■ **Aim of the task**: An exact copy of every record, with no pictures, please.

■ **Stored dataset items**:
·····

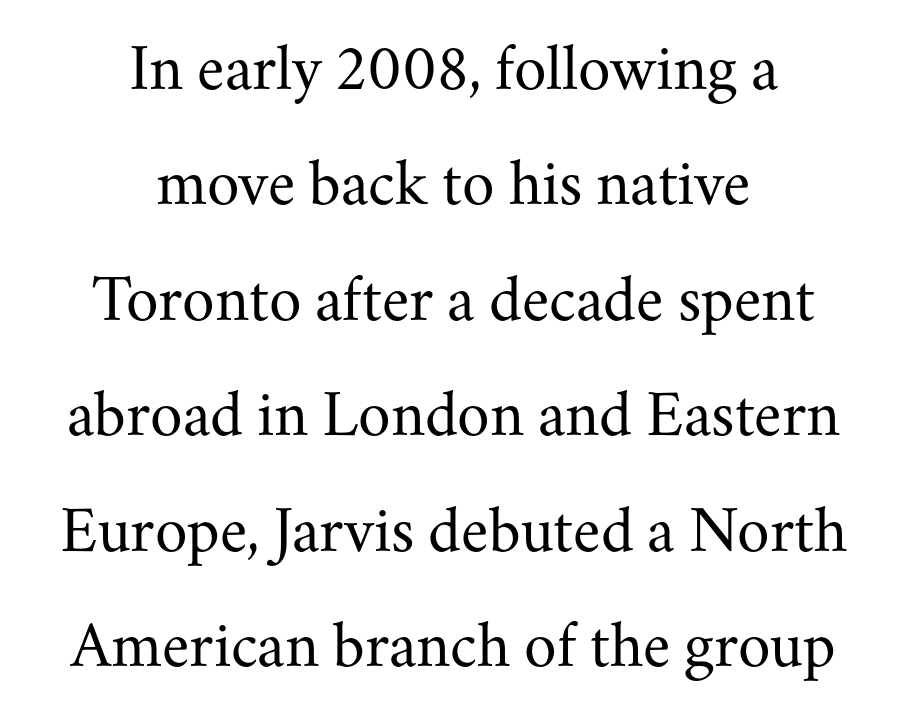
Q: Is the text bold? A: No.
Q: Is the text italic (slanted)? A: No, it is upright.
Q: Is the typeface a serif or a sans-serif typeface? A: Serif.
Q: Is the text underlined? A: No.
Q: How is the paragraph aligned? A: Centered.
Q: Is the spacing between letters normal or unusually wide? A: Normal.
Q: Width (condensed, normal, or wide)? A: Normal.
Q: Stroke contrast? A: Medium.
Q: x-height? A: Small.
Q: Monospaced? A: No.
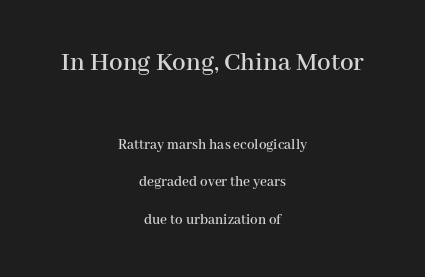
Q: Is the text italic (slanted)? A: No, it is upright.
Q: Is the text underlined? A: No.
Q: How is the paragraph aligned? A: Centered.
Q: Is the spacing between letters normal or unusually wide? A: Normal.
Q: Is the spacing between lines tight, normal or loose? A: Loose.
Q: Which block of text is set in a larger size, the first (top) or the second (bottom)? A: The first (top) one.
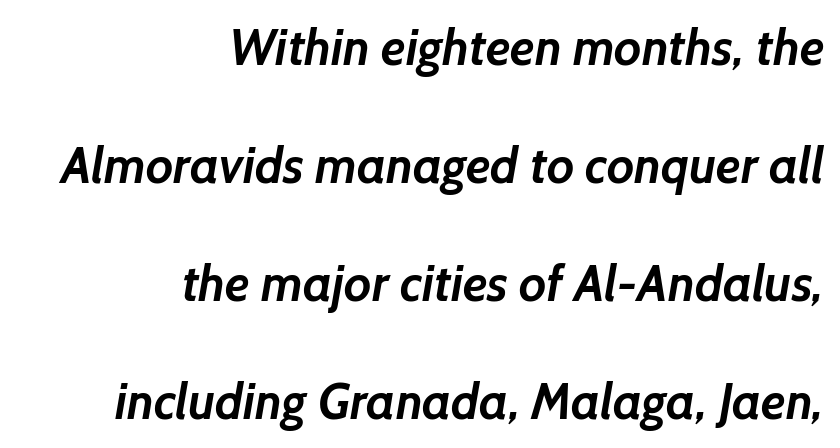
{"serif": "no", "bold": "yes", "weight": "semibold", "width": "normal", "stroke_contrast": "low", "x_height": "medium", "monospaced": "no", "underline": "no", "align": "right", "line_spacing": "loose", "line_spacing_ratio": 2.36, "letter_spacing": "normal", "letter_spacing_em": 0.0, "glyph_px": 50}
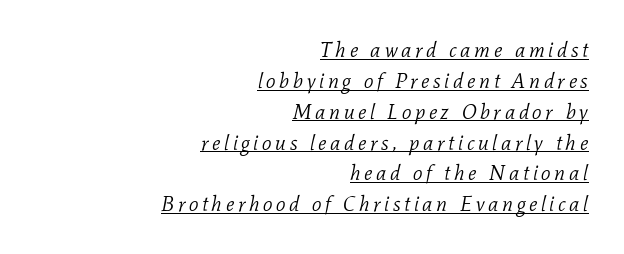
Q: Is the text bold? A: No.
Q: Is the text italic (slanted)? A: Yes, it leans right by about 11 degrees.
Q: Is the text underlined? A: Yes.
Q: How is the paragraph aligned? A: Right-aligned.
Q: Is the spacing between lines tight, normal or loose? A: Normal.
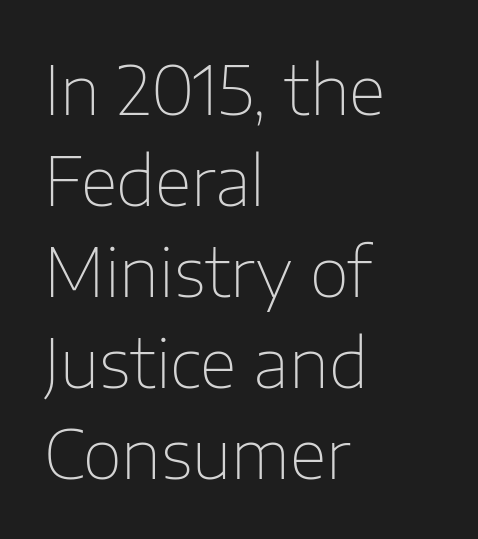
{"serif": "no", "italic": "no", "bold": "no", "weight": "thin", "width": "normal", "stroke_contrast": "low", "x_height": "medium", "monospaced": "no", "underline": "no", "align": "left", "line_spacing": "normal", "line_spacing_ratio": 1.34, "letter_spacing": "normal", "letter_spacing_em": 0.0, "glyph_px": 68}
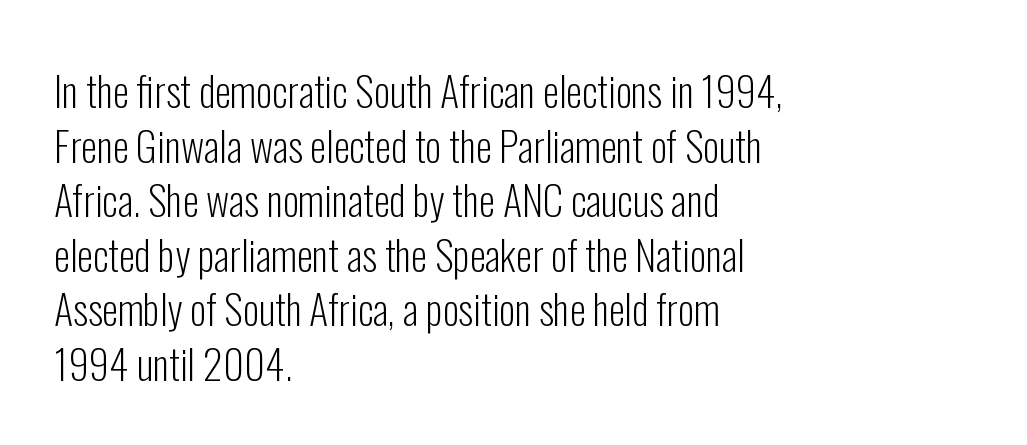
Are there feet on the stems? There aren't — it's a sans. It's the straight-up-and-down kind of type. Weight: in the light-to-regular range. Casual observation: everything's shoved over to the left. The passage shown has conventional tracking throughout. Note the varied advance widths — an 'i' is clearly narrower than an 'm'.
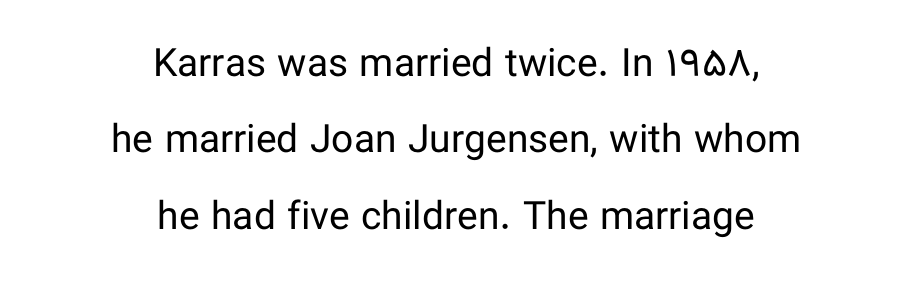
Do the characters align in a grid? No, the font is proportional. Upright lettering throughout. Bare-footed words on every line. Reading down the column, the eye jumps a long way to each next line. In terms of letterspacing, this is plain default setting. The typesetter chose a symmetrical, centered arrangement here.
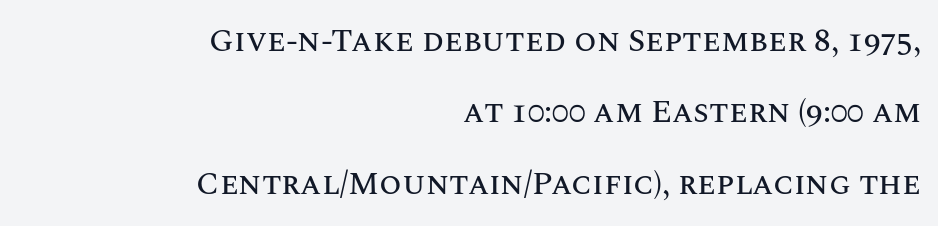
Q: Is the text italic (slanted)? A: No, it is upright.
Q: Is the text underlined? A: No.
Q: How is the paragraph aligned? A: Right-aligned.
Q: Is the spacing between letters normal or unusually wide? A: Normal.
Q: Is the spacing between lines tight, normal or loose? A: Loose.
Q: Width (condensed, normal, or wide)? A: Normal.
Q: Stroke contrast? A: Medium.
Q: x-height? A: Large.
Q: Monospaced? A: No.
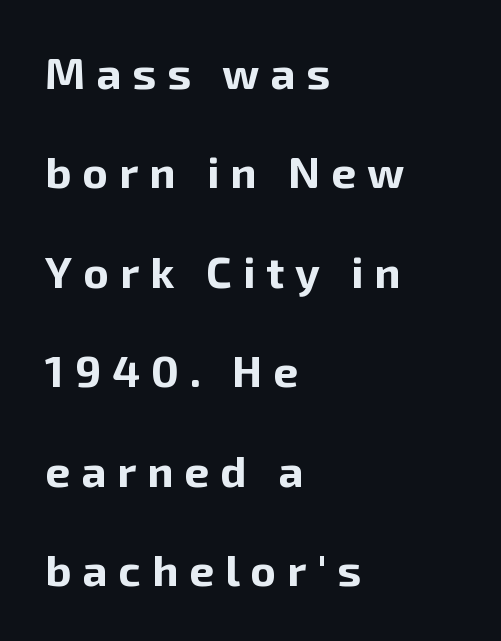
The image shows 44 px bold sans-serif type, upright; set left-aligned, loose line spacing (2.26x), unusually wide letter spacing (+0.25 em), not underlined; low stroke contrast and a medium x-height.
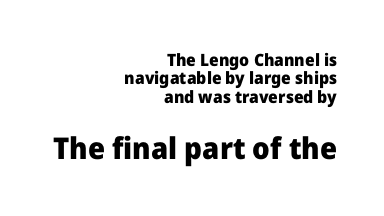
Line ends are locked; line starts wander. Is this a fixed-width face? No — the glyphs have proportional, varying widths. The later block is typeset at a bigger size than the earlier block. These lines keep a tight, regular rhythm from letter to letter.
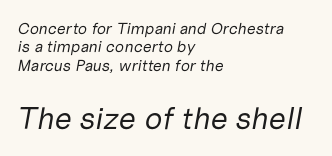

·····

■ **Answer to the problem**:
Q: Is the text bold? A: No.
Q: Is the text italic (slanted)? A: No, it is upright.
Q: Is the typeface a serif or a sans-serif typeface? A: Serif.
Q: Is the text underlined? A: No.
Q: How is the paragraph aligned? A: Centered.
Q: Is the spacing between letters normal or unusually wide? A: Normal.
Q: Width (condensed, normal, or wide)? A: Normal.
Q: Stroke contrast? A: Medium.
Q: x-height? A: Small.
Q: Monospaced? A: No.
Q: Is the text italic (slanted)? A: No, it is upright.
Q: Is the text underlined? A: No.
Q: How is the paragraph aligned? A: Centered.
Q: Is the spacing between letters normal or unusually wide? A: Normal.
Q: Is the spacing between lines tight, normal or loose? A: Loose.
Q: Which block of text is set in a larger size, the first (top) or the second (bottom)? A: The first (top) one.
{"serif": "no", "bold": "yes", "weight": "semibold", "width": "normal", "stroke_contrast": "low", "x_height": "medium", "monospaced": "no", "underline": "no", "align": "right", "line_spacing": "loose", "line_spacing_ratio": 2.36, "letter_spacing": "normal", "letter_spacing_em": 0.0, "glyph_px": 50}
Q: Is the text bold? A: No.
Q: Is the text italic (slanted)? A: Yes, it leans right by about 11 degrees.
Q: Is the text underlined? A: Yes.
Q: How is the paragraph aligned? A: Right-aligned.
Q: Is the spacing between lines tight, normal or loose? A: Normal.
{"serif": "no", "italic": "no", "bold": "no", "weight": "thin", "width": "normal", "stroke_contrast": "low", "x_height": "medium", "monospaced": "no", "underline": "no", "align": "left", "line_spacing": "normal", "line_spacing_ratio": 1.34, "letter_spacing": "normal", "letter_spacing_em": 0.0, "glyph_px": 68}
Are there feet on the stems? There aren't — it's a sans. It's the straight-up-and-down kind of type. Weight: in the light-to-regular range. Casual observation: everything's shoved over to the left. The passage shown has conventional tracking throughout. Note the varied advance widths — an 'i' is clearly narrower than an 'm'.
Do the characters align in a grid? No, the font is proportional. Upright lettering throughout. Bare-footed words on every line. Reading down the column, the eye jumps a long way to each next line. In terms of letterspacing, this is plain default setting. The typesetter chose a symmetrical, centered arrangement here.
Q: Is the text italic (slanted)? A: No, it is upright.
Q: Is the text underlined? A: No.
Q: How is the paragraph aligned? A: Right-aligned.
Q: Is the spacing between letters normal or unusually wide? A: Normal.
Q: Is the spacing between lines tight, normal or loose? A: Loose.
Q: Width (condensed, normal, or wide)? A: Normal.
Q: Stroke contrast? A: Medium.
Q: x-height? A: Large.
Q: Monospaced? A: No.
The image shows 44 px bold sans-serif type, upright; set left-aligned, loose line spacing (2.26x), unusually wide letter spacing (+0.25 em), not underlined; low stroke contrast and a medium x-height.
Line ends are locked; line starts wander. Is this a fixed-width face? No — the glyphs have proportional, varying widths. The later block is typeset at a bigger size than the earlier block. These lines keep a tight, regular rhythm from letter to letter.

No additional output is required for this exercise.